Table 3 Comparison of mean (SD) values of GHQ-12 scores by clinical diagnosis.

Table 4 presents the results of the correlation of 3 factors of Graetz's model and BAI, Clinical Global Impression Score, and SF-36 scales. The 3 factors were correlated with the 10 clinical and HRQoL variables to very similar degree.

Table 4 Pearson's correlation coefficients (95% confidence intervals) between GHQ-12 scores and clinical and health-related quality of life variables

Several previous confirmatory factor analyses found that the 3-factor model of Graetz gave better fit to survey data from Australia [12], Britain [10] and New Zealand [11]. In this study we examined the issue in an Asian population in Singapore, whose members are mainly ethnic Chinese. All three goodness-of-fit indices employed, namely AIC, CFI and RMSEA, agreed that the 3-factor model of Graetz out-performed the other five models. The CFI value was 0.935. Conventionally, a CFI of 0.90 or larger is taken as evidence of sufficient fit. A more stringent criterion of CFI larger than 0.95 has recently been proposed and debated [27, 28]. The RMSEA also indicated that even the best-fitting model did not fit well, using the cut-off of 0.08 as a criterion. However, our aim is to compare the models rather than to modify the instrument. So for our purpose it is the comparison of the goodness-of-fit of the six models that matters, not the absolute values of the fit indices. We consider the "correctness" and "usefulness" of a model two fairly separate issues. Although the goodness-of-fit of Graetz's model was limited, we proceeded to examine the factor scores in relation to external criteria in order to reach a conclusion about the usefulness of the model.

The one-dimensional model was the worst according to all three goodness-of-fit indices.

The three factors in the model proposed by Graetz were found to be strongly correlated with each other, with correlation coefficients in the neighborhood of 0.8 to 0.9. Such strong correlations suggest that even if there were indeed three different factors, in practice it is quite difficult to differentiate them.

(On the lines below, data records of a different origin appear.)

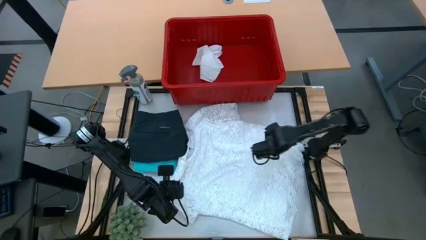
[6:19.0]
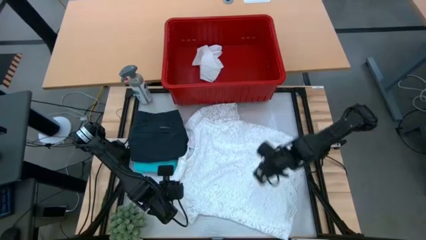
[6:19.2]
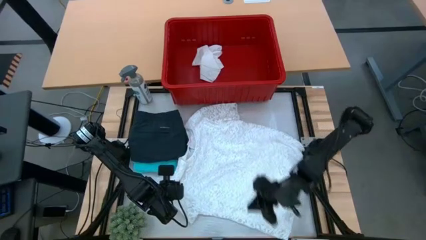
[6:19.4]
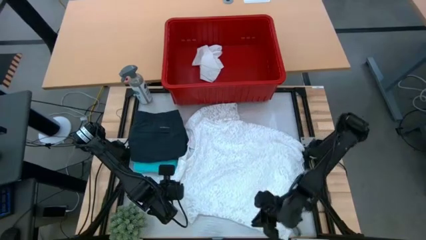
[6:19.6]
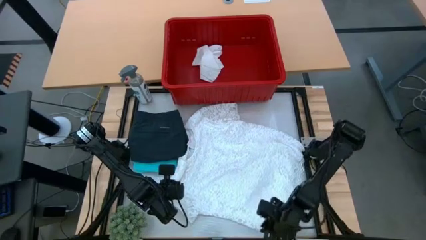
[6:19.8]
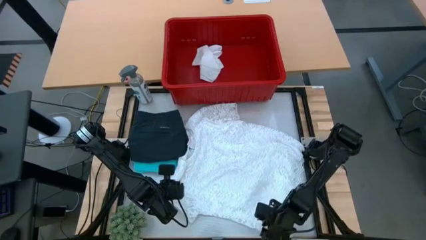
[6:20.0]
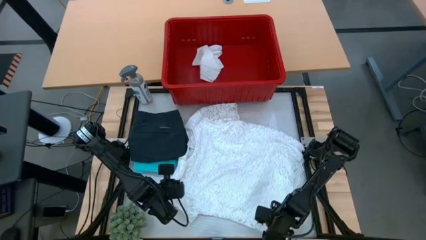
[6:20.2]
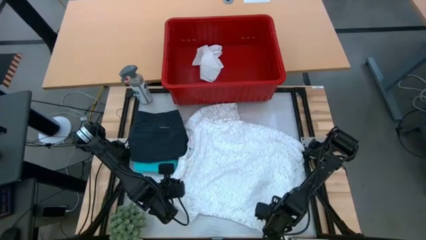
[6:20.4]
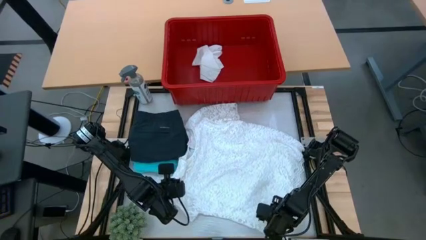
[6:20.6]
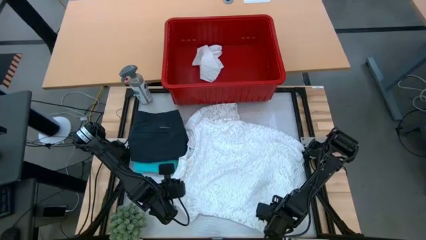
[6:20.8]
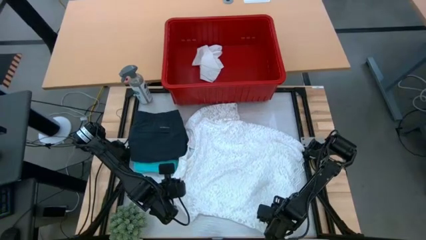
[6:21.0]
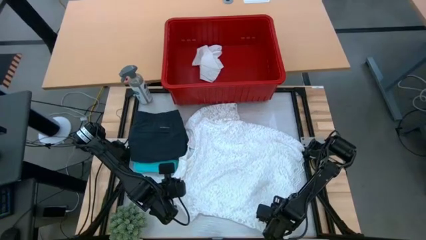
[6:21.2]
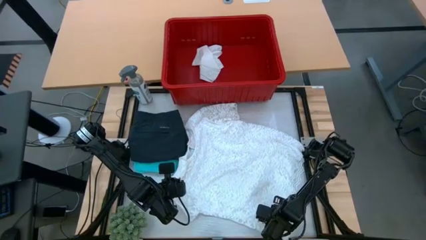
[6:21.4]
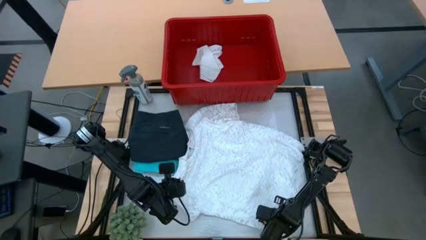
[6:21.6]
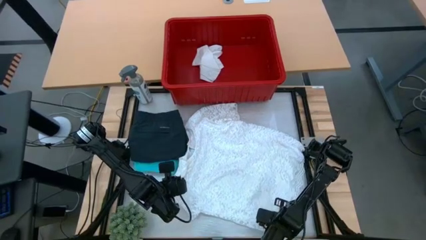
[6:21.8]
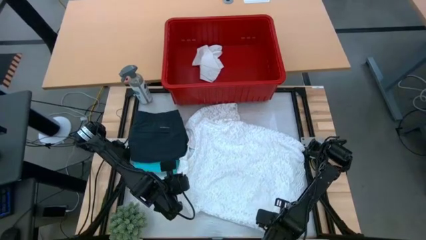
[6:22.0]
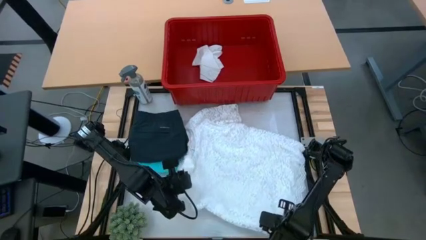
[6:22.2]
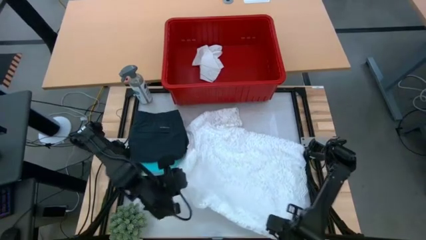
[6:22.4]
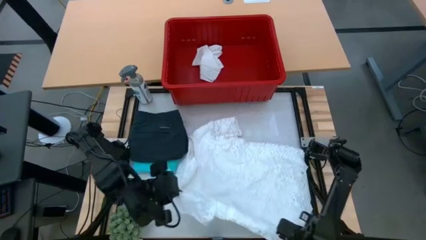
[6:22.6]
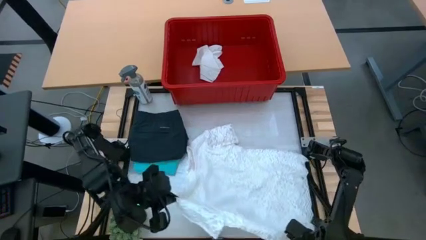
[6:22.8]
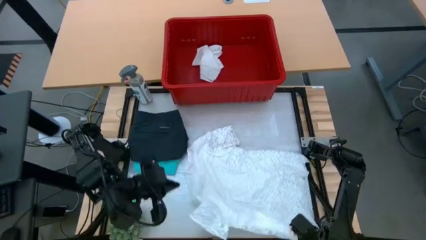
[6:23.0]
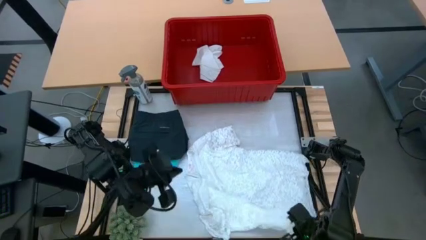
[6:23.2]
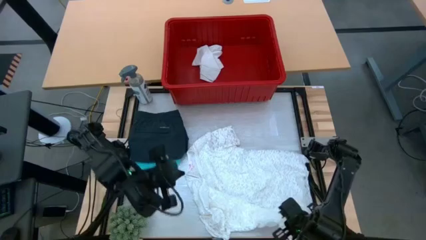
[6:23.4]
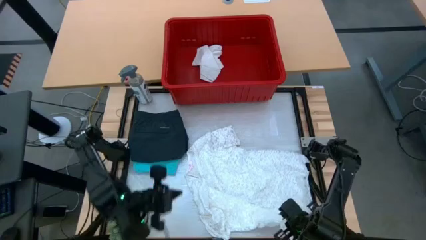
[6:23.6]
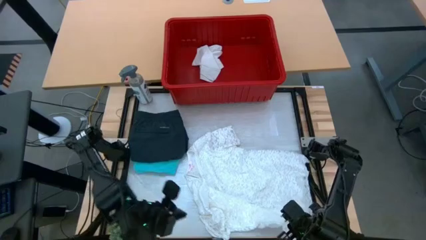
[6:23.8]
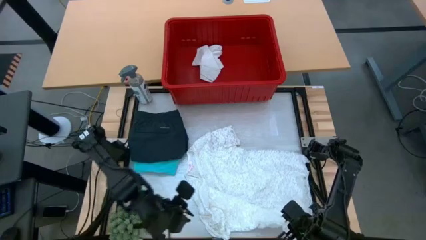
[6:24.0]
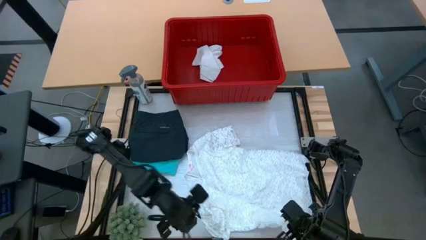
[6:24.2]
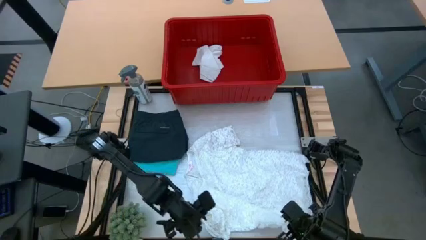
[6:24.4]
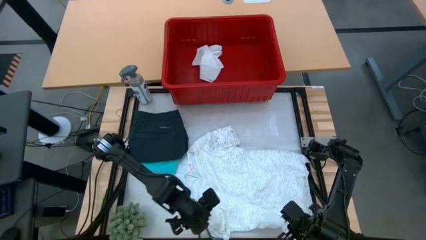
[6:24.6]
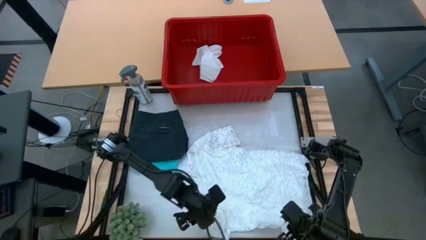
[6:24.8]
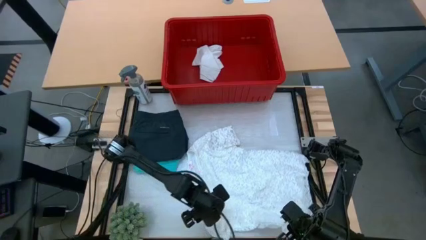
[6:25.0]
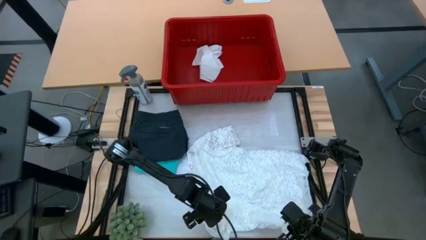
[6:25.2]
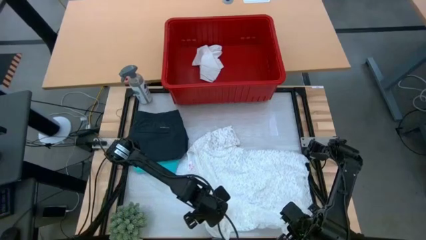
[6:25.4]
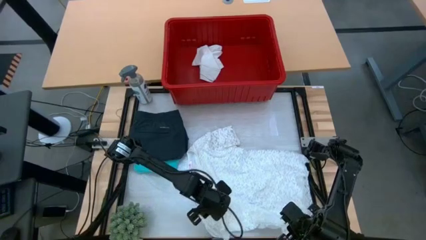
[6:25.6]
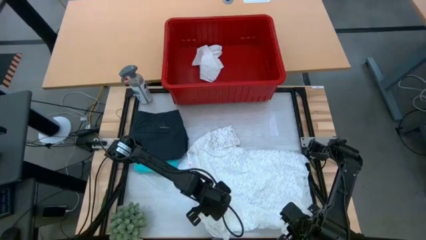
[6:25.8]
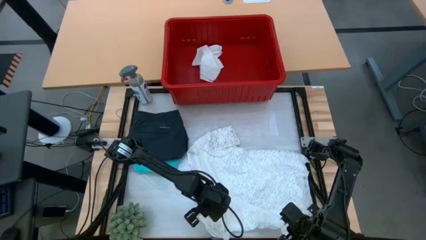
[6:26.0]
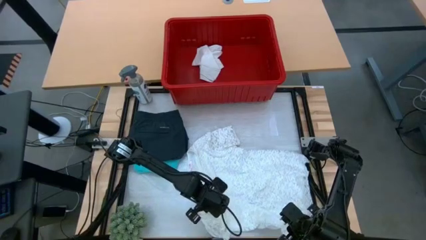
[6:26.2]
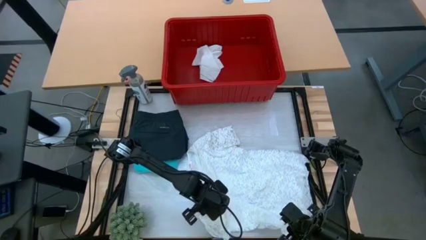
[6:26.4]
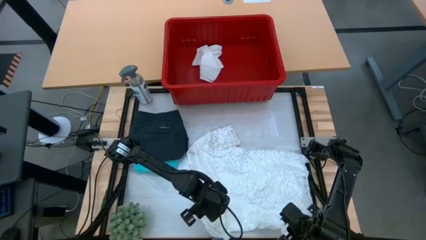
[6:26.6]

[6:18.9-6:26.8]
Task: Fold laundry
Fold the white dress

The study of French and Tait [12] also showed strong correlation between the factors, which led the authors to recommend that it may be prudent to use the overall score rather than overinterpret the factors within the GHQ-12. We examined the three factor scores and the overall GHQ-12 score in relation to clinical diagnoses. The four scores behaved in fairly similar ways. Although the Loss of Confidence scale was significantly different between patients with and without panic disorder while the other three scales did not show significant differences between the two groups of patients, the difference was only about 0.4 SD. This is smaller than a recommended threshold (0.5 SD) corresponding to minimal clinically important differences for health states questionnaires [29]. We also examined the association between the three GHQ scores and the Beck Anxiety Inventory, a clinical impression score, and the 8 scales of the SF-36. The three factors were associated with the clinical and HRQoL variables to similar degrees.

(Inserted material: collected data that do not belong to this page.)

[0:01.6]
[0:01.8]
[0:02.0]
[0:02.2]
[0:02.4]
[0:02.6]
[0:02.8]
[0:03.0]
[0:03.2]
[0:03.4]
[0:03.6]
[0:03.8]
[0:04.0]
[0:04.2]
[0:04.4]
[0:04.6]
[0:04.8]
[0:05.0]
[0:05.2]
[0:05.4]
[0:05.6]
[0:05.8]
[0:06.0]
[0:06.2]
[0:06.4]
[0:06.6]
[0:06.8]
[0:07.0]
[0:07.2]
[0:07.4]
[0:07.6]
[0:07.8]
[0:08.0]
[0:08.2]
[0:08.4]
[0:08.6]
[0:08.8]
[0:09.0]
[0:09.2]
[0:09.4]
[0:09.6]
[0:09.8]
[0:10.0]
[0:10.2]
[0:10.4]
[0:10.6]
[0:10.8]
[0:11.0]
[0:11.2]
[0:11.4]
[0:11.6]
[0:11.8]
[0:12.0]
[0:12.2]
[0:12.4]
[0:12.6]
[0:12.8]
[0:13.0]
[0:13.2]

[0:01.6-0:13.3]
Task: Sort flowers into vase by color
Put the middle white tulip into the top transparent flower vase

Two limitations of the study should be noted. Firstly, the sample size was somewhat small for confirmatory factor analysis. Secondly, the participants were clinical cases. This homogeneity might have made it more difficult to detect variations in GHQ-12 scores. We believe that the question about the relative plausibility of various factor models have been sufficiently answered by this and several previous studies [1012]. Nevertheless, future studies of non-clinical participants based on larger sample sizes will be helpful to further assess the practical usefulness of the factors of the GHQ-12.


Several studies, including the present one, have found that Graetz's 3-factor model of the GHQ-12 is more plausible than other models. However, the factors were strongly correlated and difficult to discern. Our analysis of the three GHQ scores in relation to clinical variables and aspects of health-related quality of life did not appear to be more informative than analysis of a single overall GHQ-12 score. As such, from a pragmatic point of view we consider it acceptable to use this instrument as a one-dimensional measure. Unless one has specific questions that are best answered by a subset of the three factors, there is no need to consider the multi-dimensionality.